My 5 year old son on the playground

My son is now 5 years old, and he achieves amazing feats of strength every day. He’s incredibly proud of himself when he swings on the monkey bars and pulls himself up with one hand. He has some incredible physical skills for his age, and we are also very proud of him. Raising a child has opened my eyes up to what it is to learn to live a full and happy life. And the fact is, you need more than physical strength to do just that. That’s why my husband came up with a phrase for my son that I also repeat to myself, quite often. He said to my son: “You need to be strong in mind, strong in heart, AND strong in muscle.” This caught my attention because Joseph Pilates himself believed that the mind was an essential piece of the puzzle for physical fitness. He called his exercise system “Contrology” and believed that a strong mind could control your muscles, and help you move in a safer, stronger and more functional manner. I’ve begun a meditation practice in the last year and I am absolutely in awe of how much it has positively changed my relationship with both my body and my emotions. It has also impacted my relationship with my family too. My mind is sharper and my heart is definitely feeling stronger. All three of these things- heart, mind, and body- are more balanced and working together. I am fortunate to have had a wonderful head start on my mind and body with all my years of Pilates practice behind me. My heart, however, was lagging a little behind the rest. This became clear to me the other day, and I’d like to share why.
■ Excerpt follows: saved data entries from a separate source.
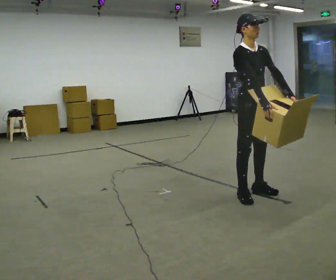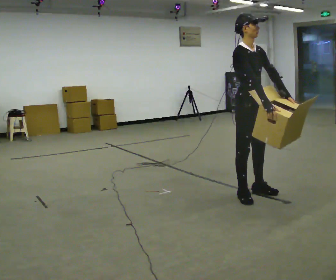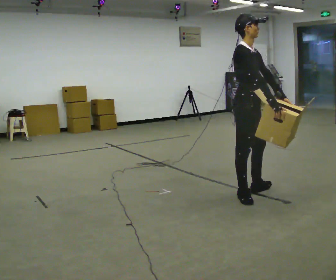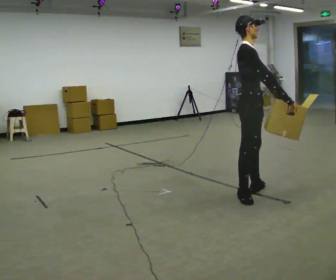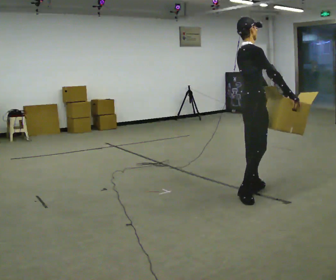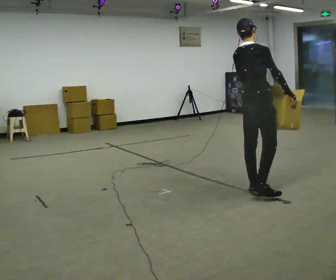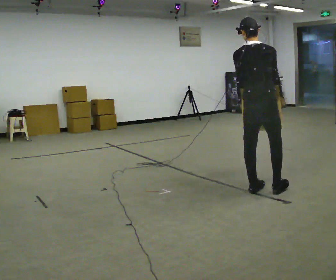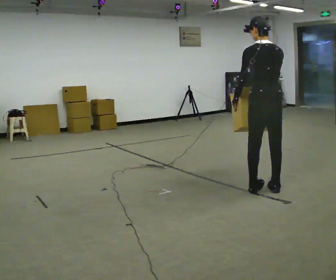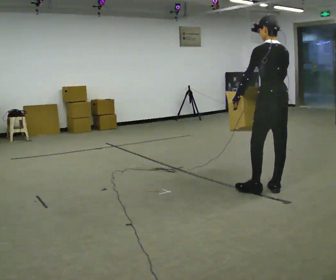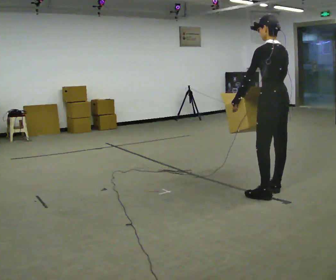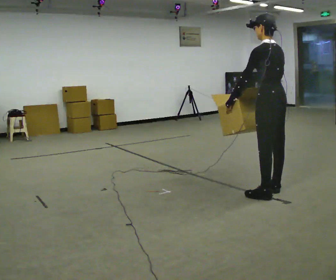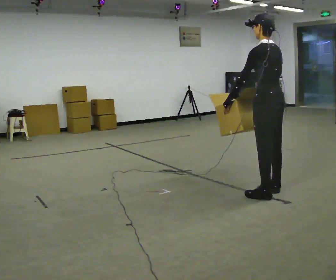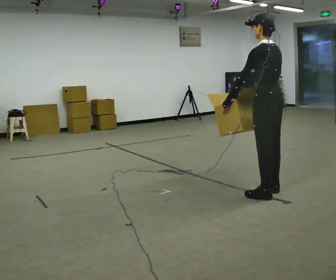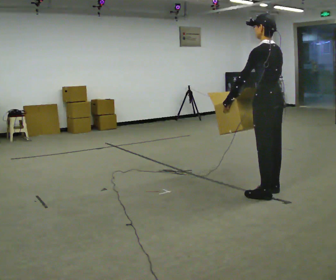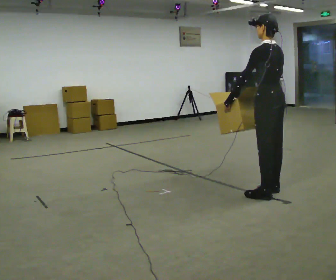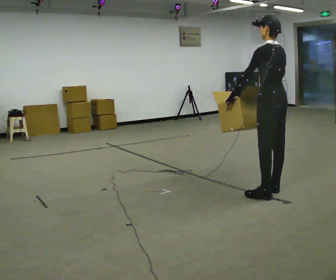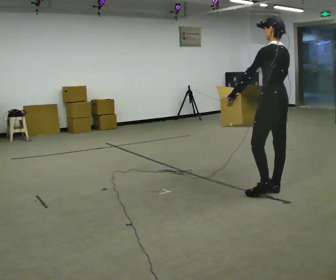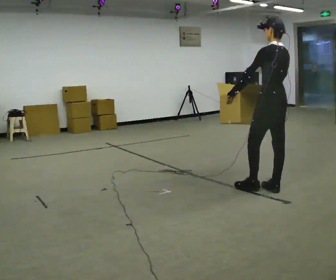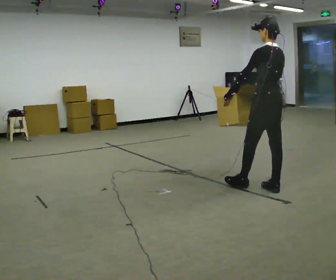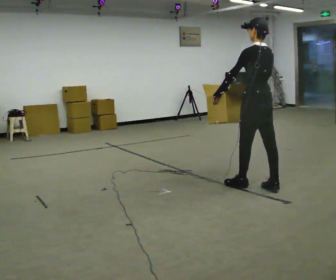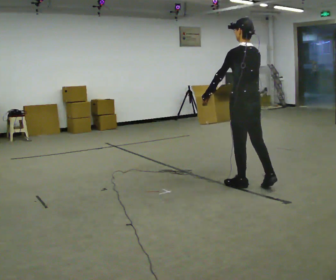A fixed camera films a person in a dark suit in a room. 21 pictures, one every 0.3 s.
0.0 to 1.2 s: The part of the body nearest the lens slides to the right as the person turns to their left by about 60 degrees.
1.2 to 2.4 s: The part of the body nearest the lens slides to the right as the person turns to their left by about 105 degrees. In the picture they go to the right, about 0.25 m in 1 step.
2.4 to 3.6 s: The person moves a little, or ends about where they began.
3.6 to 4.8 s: In the picture they go away from the camera, about 0.25 m, which for them is to their right.
4.8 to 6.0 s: In the picture they go to the left, about 0.25 m in 1 step, which for them is forward.
The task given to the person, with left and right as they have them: Carry the object across the room. The lid hangs loose and will swing, so carry it however works. Keep going until the operator says stop; one object at a time, and do not rush between trips.
The film runs forward here.
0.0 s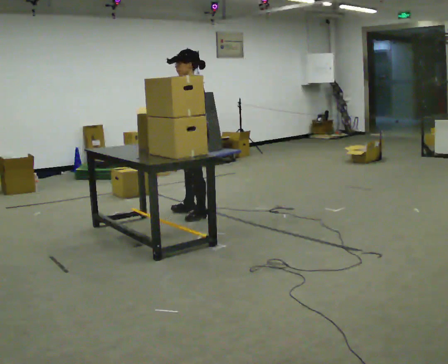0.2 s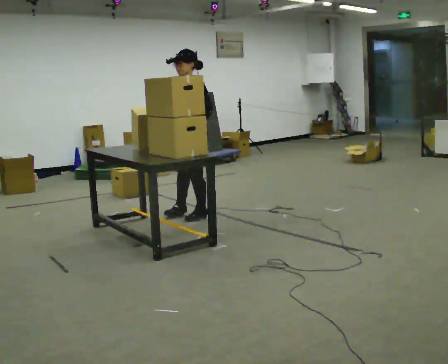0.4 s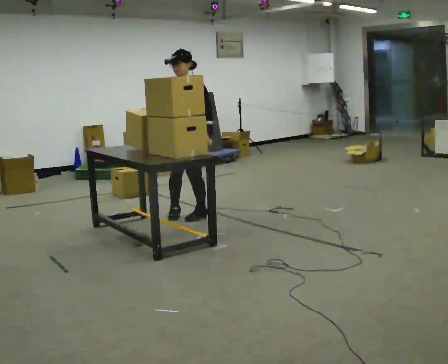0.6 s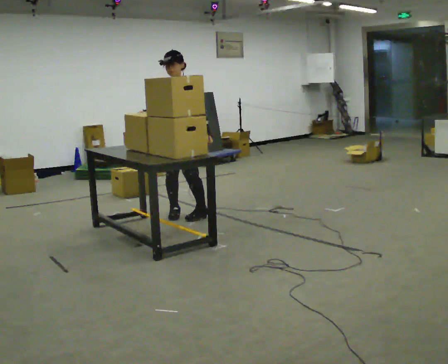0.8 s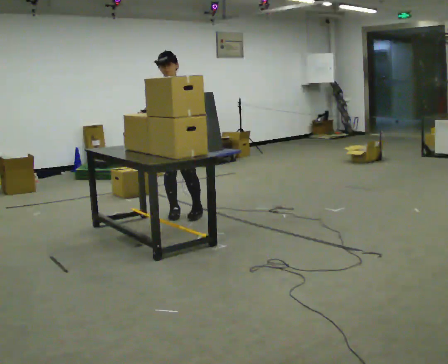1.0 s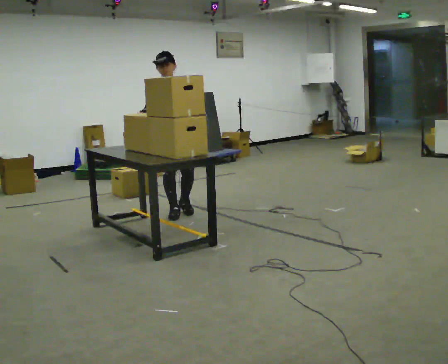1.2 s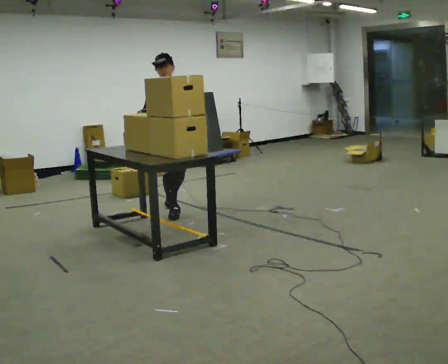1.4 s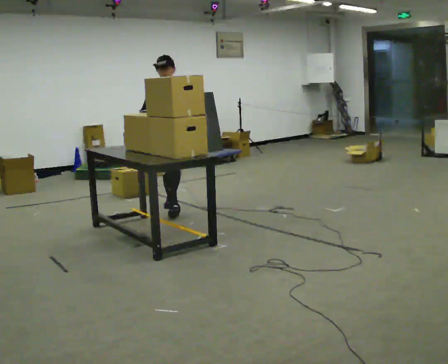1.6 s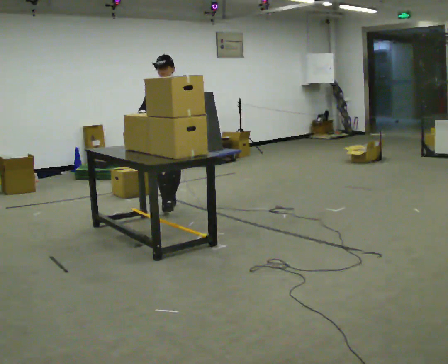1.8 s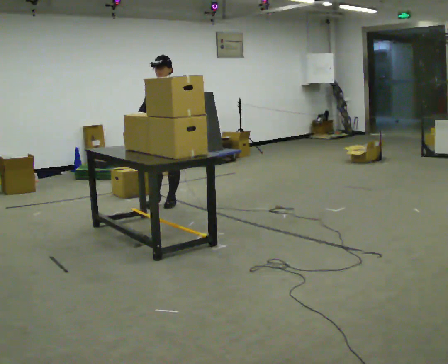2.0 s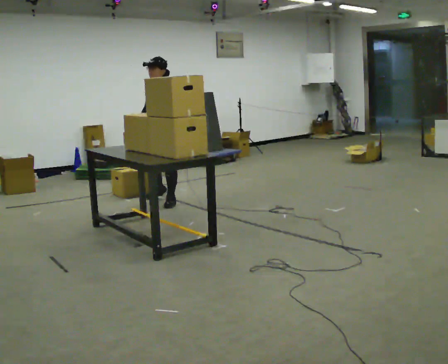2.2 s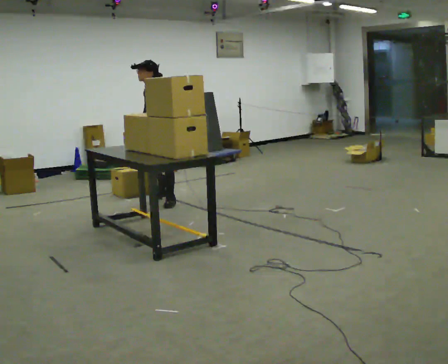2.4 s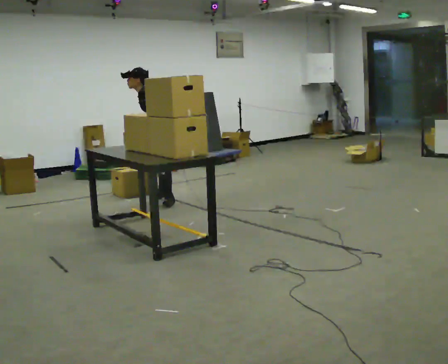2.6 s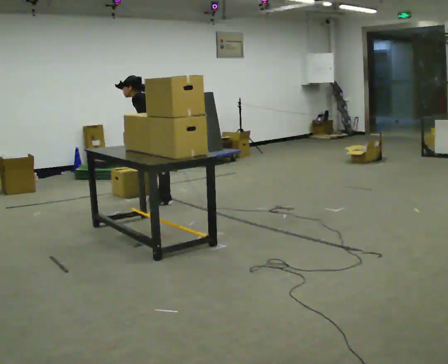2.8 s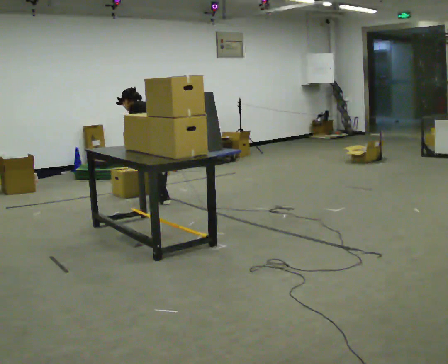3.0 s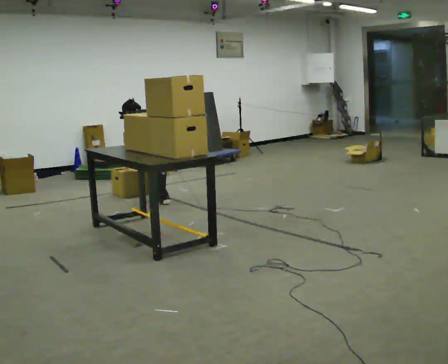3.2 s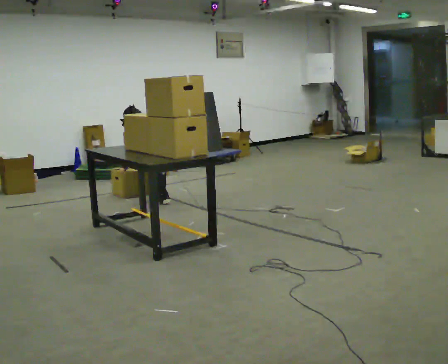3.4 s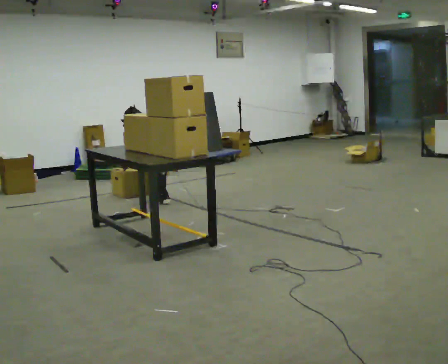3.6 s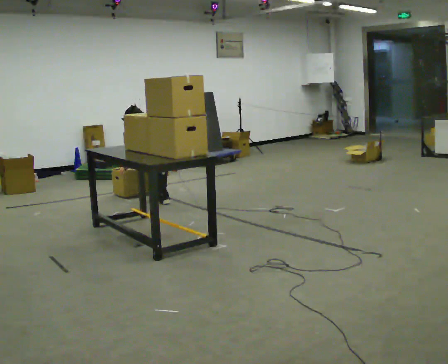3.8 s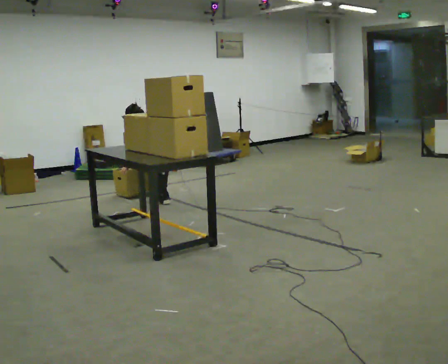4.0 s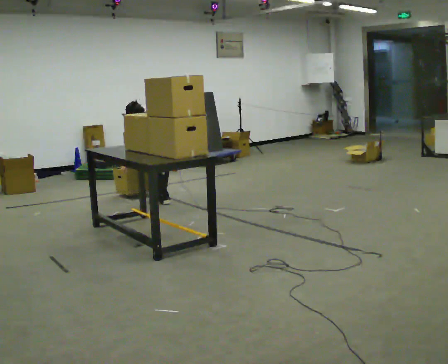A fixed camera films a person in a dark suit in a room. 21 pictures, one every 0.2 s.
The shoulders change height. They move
downward.
Their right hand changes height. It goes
downward.
0.0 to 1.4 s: The part of the body nearest the lens slides to the right as the person turns to their left by about 90 degrees. In the picture they go away from the camera and to the left, about 0.5 m in 1 step.
1.4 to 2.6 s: The part of the body nearest the lens slides to the left as the person turns to their right by about 120 degrees. In the picture they go away from the camera, about 0.5 m in 1 step. In the picture the upper body tilts counterclockwise, shoulders to the left, as they bend forward. In the picture their right hand goes downward, the arm swinging counterclockwise.
2.6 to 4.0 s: The part of the body nearest the lens slides to the left as the person turns to their right by about 30 degrees. The shoulders move downward. The upper body tips away from the camera, its near side rolling upward, as they bend forward. In the picture their left hand goes downward.
The film runs backward here.
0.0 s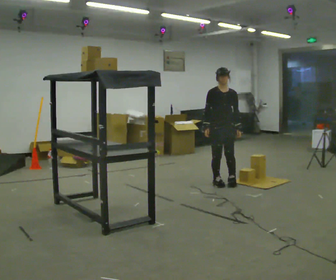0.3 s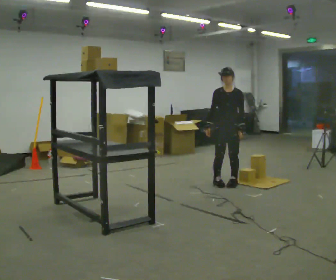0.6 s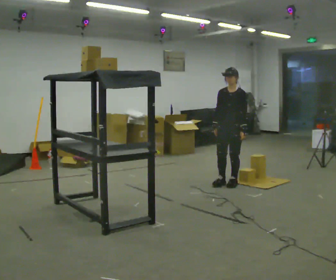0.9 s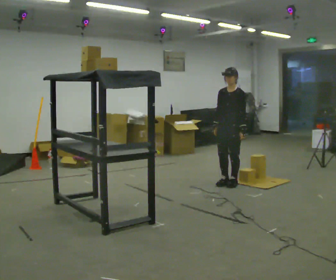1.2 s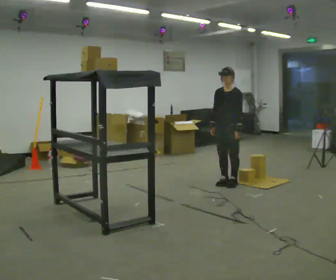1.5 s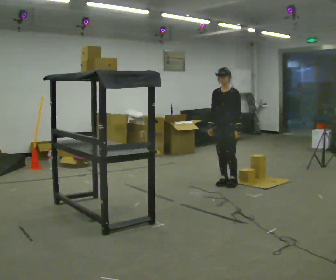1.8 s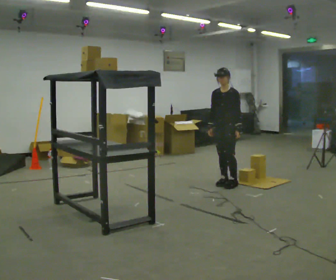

A few weeks ago I found some old photos on my computer from when I first began my pilates teaching career, back in 2012 (see slideshow above). At the time, I hated them all and didn’t share very many. This time, when I looked at them, I couldn’t believe that my younger self was so critical. I wrote a blog post awhile ago about how I don’t look like a Pilates teacher, which was very cathartic and helped me set aside a lot of my old fears. But these photos showed me something new- that my feelings from that time were waaay off! In fact, now I’ve had a baby and my body is even further from this notion of “the pilates teacher’s body”. And I don’t even care! I’m the one living in here, and I can tell you it works pretty damn well and is strong and functional. I take care of it as best I can and I don’t see why I should be so worried about the judgements of others. It’s my body, and no one else’s business. 

All I could think when I was looking at these photos was that even if I was stronger physically back then, I sure wasn’t very strong in heart. I’m stronger in both my heart and my mind now. And why isn’t that just as important? Isn’t that what I am striving to teach my son?

So if you find yourself judging old photos of yourself, take a pause and breathe. Set them aside if you need to but please, take some time to develop the strength in your heart to look at them again with different eyes. You won’t be sorry.